- Theatrical release poster
- Directed by: Claude Miller
- Written by: Luc Béraud Claude Miller
- Produced by: Mag Bodard Jean-François Davy
- Starring: Patrick Dewaere Patrick Bouchitey Christine Pascal Claude Piéplu
- Cinematography: Bruno Nuytten
- Edited by: Jean-Bernard Bonis
- Music by: Alain Jomy
- Distributed by: AMLF
- Release dates: 3 March 1976 (France); 15 January 1978 (U.S.);
- Running time: 82 minutes
- Country: France
- Language: French
- Box office: $13,793 (2008 French reissue)

= The Best Way to Walk =

The Best Way to Walk (French: La meilleure façon de marcher) is a 1976 French film directed by Claude Miller, his directorial debut. It stars Patrick Dewaere, Patrick Bouchitey, Christine Pascal, Claude Piéplu and Michel Blanc.

== Plot ==
Marc and Philippe are two teenage counselors at a summer vacation camp in the French countryside in 1960. Marc is very virile, while Philippe is more reserved. One night, Marc surprises Philippe dressed and made-up like a woman. He responds by continually humiliating Philippe. Despite their late-adolescent rivalries and sexual confusion, each achieves an awakening.

== Cast ==
- Patrick Dewaere as Marc
- Patrick Bouchitey as Philippe
- Christine Pascal as Chantal
- Claude Piéplu as Camp director
- Marc Chapiteau as Gérard
- Michel Blanc as Raoul Deloux
- Michel Such as Léni
- Franck d'Ascanio as Hervé
- Nathan Miller as kid with glasses

==Reception==
Jan Dawson wrote in Sight and Sound that "Miller surrounds his dramatic scenes of pride and prejudice with a rich humour that balance affection and misanthropy; his characters are faintly ridiculous long before they are humbled, and their absurdity stems in large from their attempts to conceal an average dose of inconsistency beneath a monolithic rhetoric."

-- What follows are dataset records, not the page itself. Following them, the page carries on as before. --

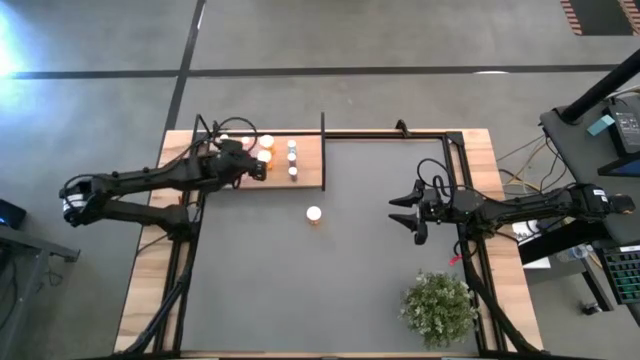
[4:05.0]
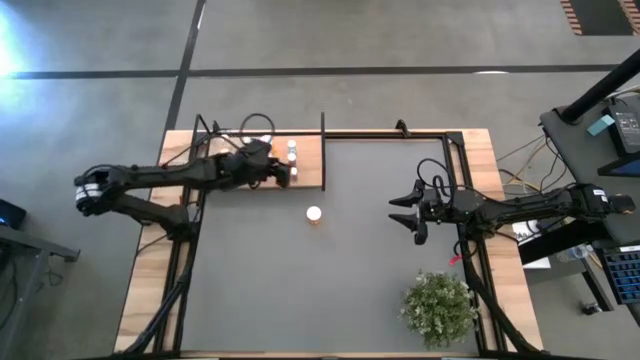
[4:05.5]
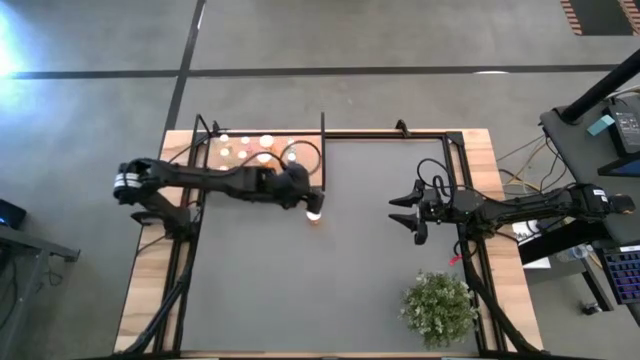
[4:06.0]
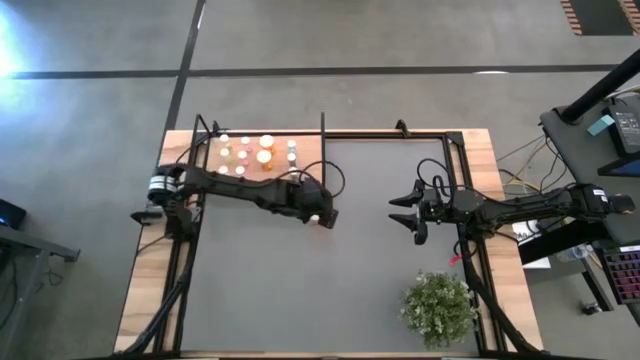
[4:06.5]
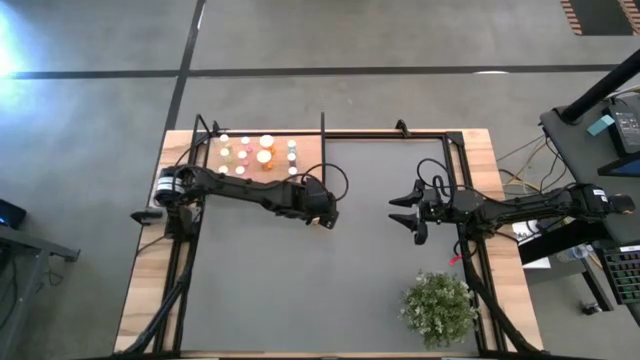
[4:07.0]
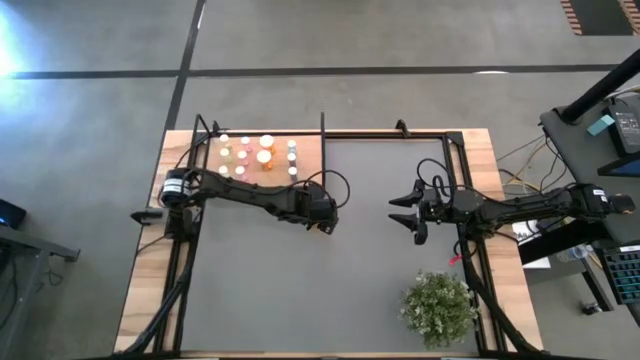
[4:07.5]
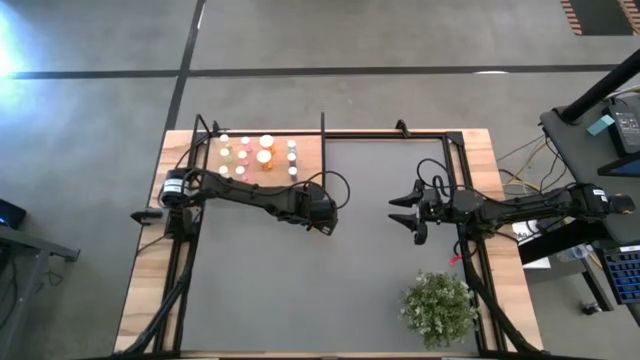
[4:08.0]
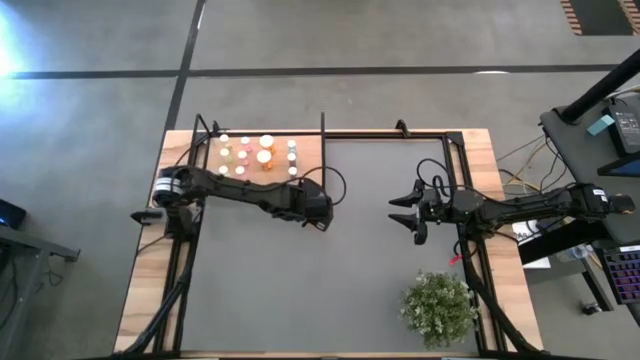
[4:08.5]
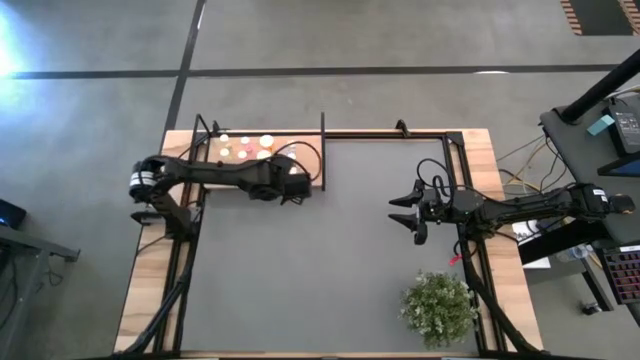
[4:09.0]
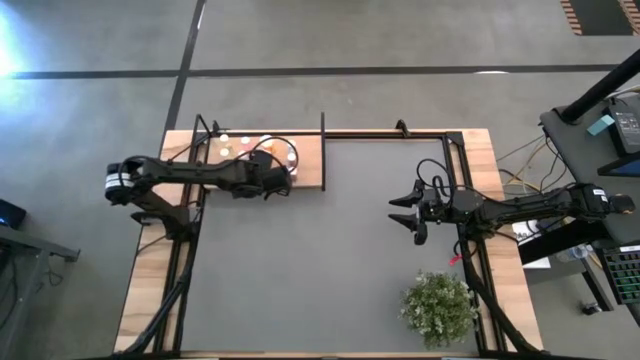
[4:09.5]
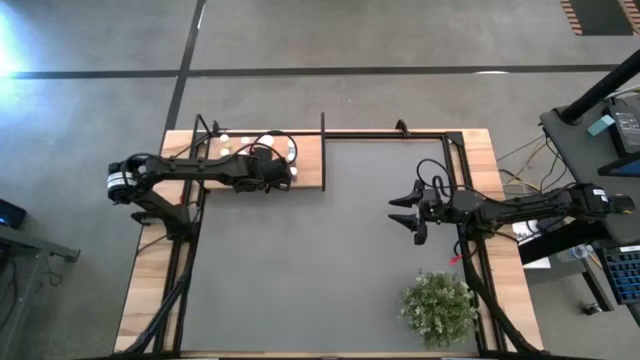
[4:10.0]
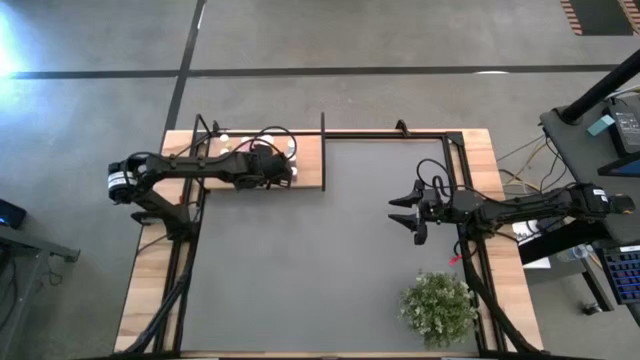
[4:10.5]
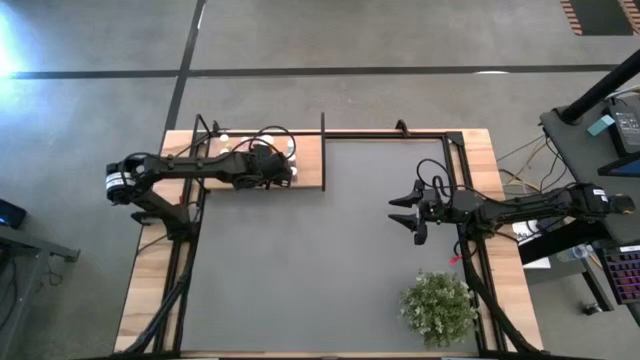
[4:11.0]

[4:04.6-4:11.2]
Task: Pick and place medicine bottles onto shelf by color
Put the orange pill bottle on the shelf aligned with the other orange pill bottles

Film critic Tom Milne said that Miller's treatment of the complex relationship between the two young men is "astonishly assured and all the more remarkable in that it is at once very subtle, yet also extremely tough; his magnificent first film reveals a great sensitivity to psycho–sexual tensions and also hints at the class antagonisms informing the character's actions; it also has the advantage of strong natural performances and some delightful humour."

In his review for Time Out, Chris Petit stated that "Miller handles the contrasts of his script with assurance, especially those between group conformity and private individual feelings; only at the end does his touch falter, because until then his perception of emotional nuances effectively masks the stereotypical equations he makes between sex, class and, to a lesser extent, politics; but overall it's a highly assured first feature."

Fernando Trueba of El País observed that "Miller has built a compact, rigorous, measured film, where nothing has been left to improvisation or chance, full of details, subtle, of small nuances that affect, above all, the composition of the characters, both their psychology and the direction of the actors." He also praised the acting of Dewaere and Bouchitey as "absolutely exceptional." He concluded that the film is "amazing, its language is direct, precise and forceful; Miller avoids anecdotal or environmental notes that can distract the central plot."

==Awards==
The film won the César Award for Best Cinematography, and was nominated for Best Film, Best Actor, Best Director, Best Screenplay, Dialogue or Adaptation and Best Sound.